**TASK ITEM**
When you copy the listing, reproduce each line as it appears and omit every image.

**ENTRIES PROVIDED**
#####
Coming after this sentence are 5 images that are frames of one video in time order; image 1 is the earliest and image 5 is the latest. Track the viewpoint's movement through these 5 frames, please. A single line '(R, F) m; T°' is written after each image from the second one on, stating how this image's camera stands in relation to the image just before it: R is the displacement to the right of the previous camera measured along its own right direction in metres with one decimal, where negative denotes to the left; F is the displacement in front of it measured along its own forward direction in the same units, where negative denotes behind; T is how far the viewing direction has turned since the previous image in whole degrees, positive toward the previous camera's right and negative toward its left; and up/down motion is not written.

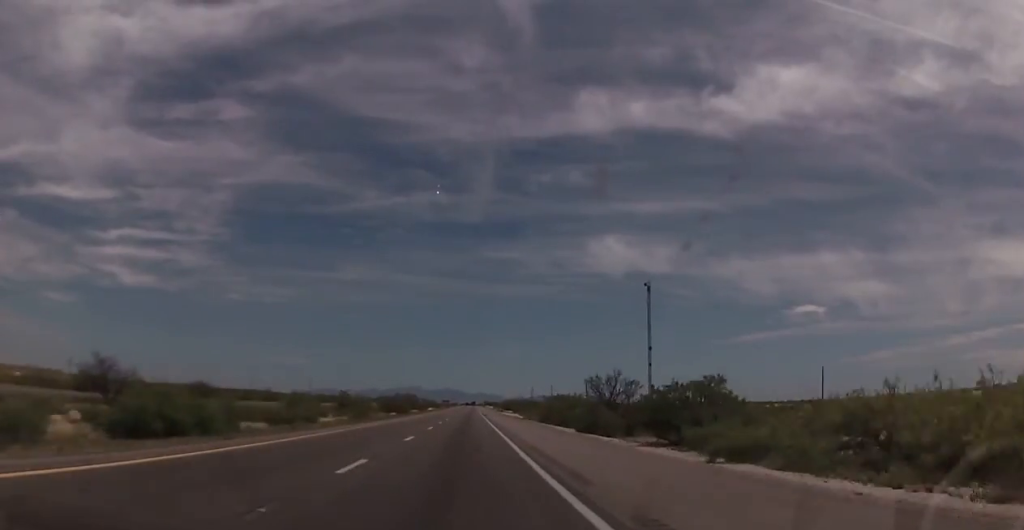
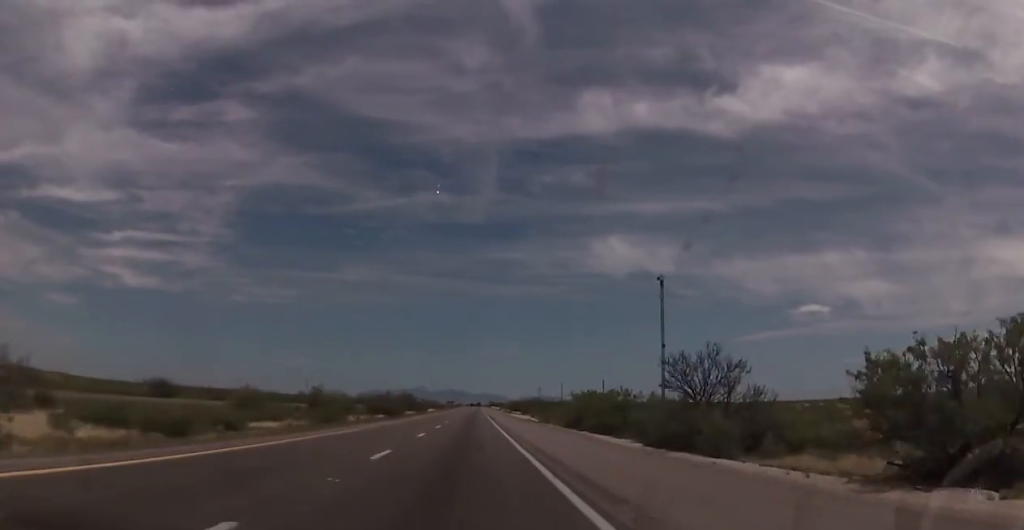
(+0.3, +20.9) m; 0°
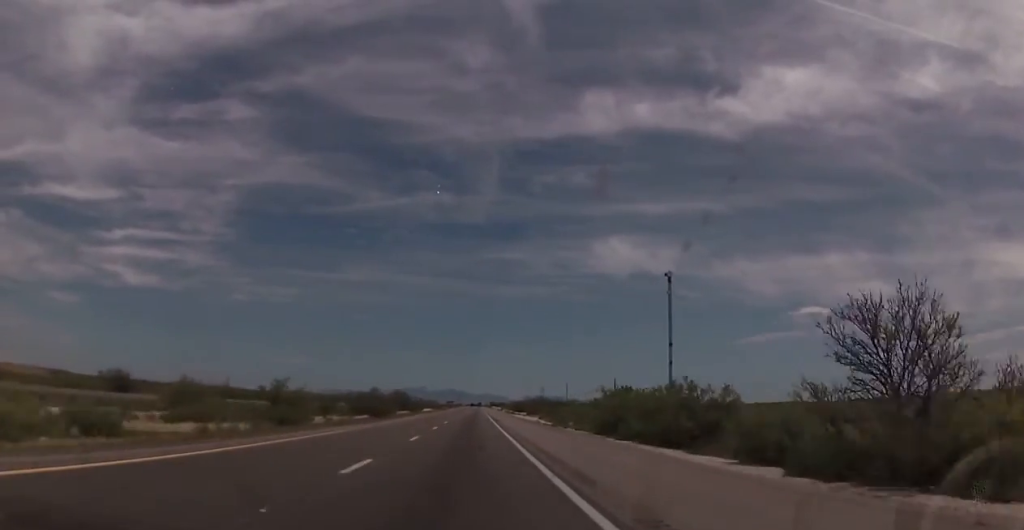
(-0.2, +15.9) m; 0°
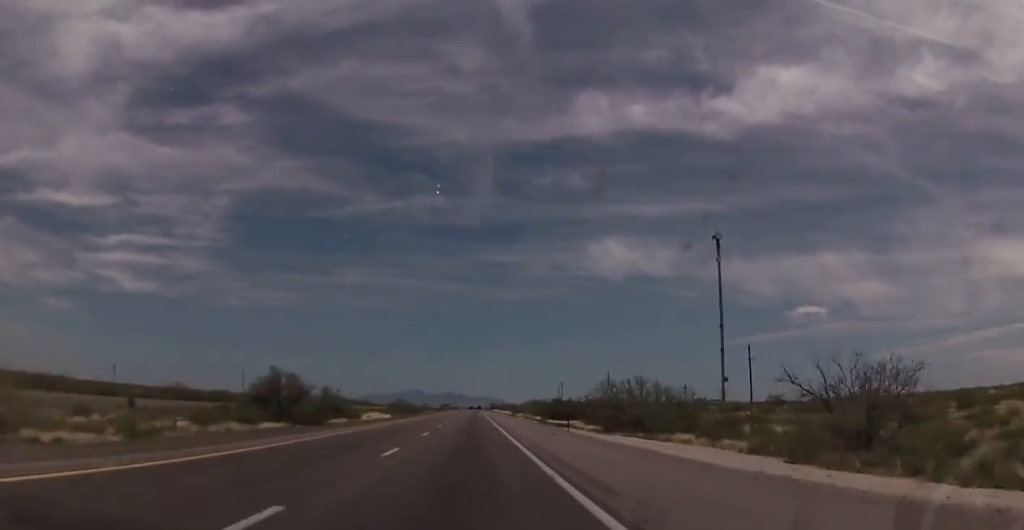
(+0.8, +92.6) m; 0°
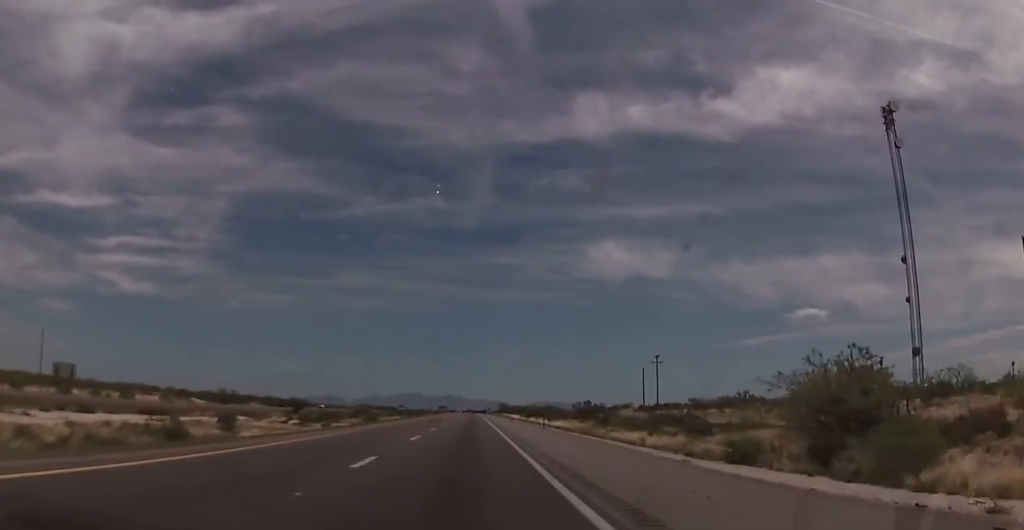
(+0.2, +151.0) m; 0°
#####
**EXERCISE ANSWER**
Coming after this sentence are 5 images that are frames of one video in time order; image 1 is the earliest and image 5 is the latest. Track the viewpoint's movement through these 5 frames, please. A single line '(R, F) m; T°' is written after each image from the second one on, stating how this image's camera stands in relation to the image just before it: R is the displacement to the right of the previous camera measured along its own right direction in metres with one decimal, where negative denotes to the left; F is the displacement in front of it measured along its own forward direction in the same units, where negative denotes behind; T is how far the viewing direction has turned since the previous image in whole degrees, positive toward the previous camera's right and negative toward its left; and up/down motion is not written.

(+0.3, +20.9) m; 0°
(-0.2, +15.9) m; 0°
(+0.8, +92.6) m; 0°
(+0.2, +151.0) m; 0°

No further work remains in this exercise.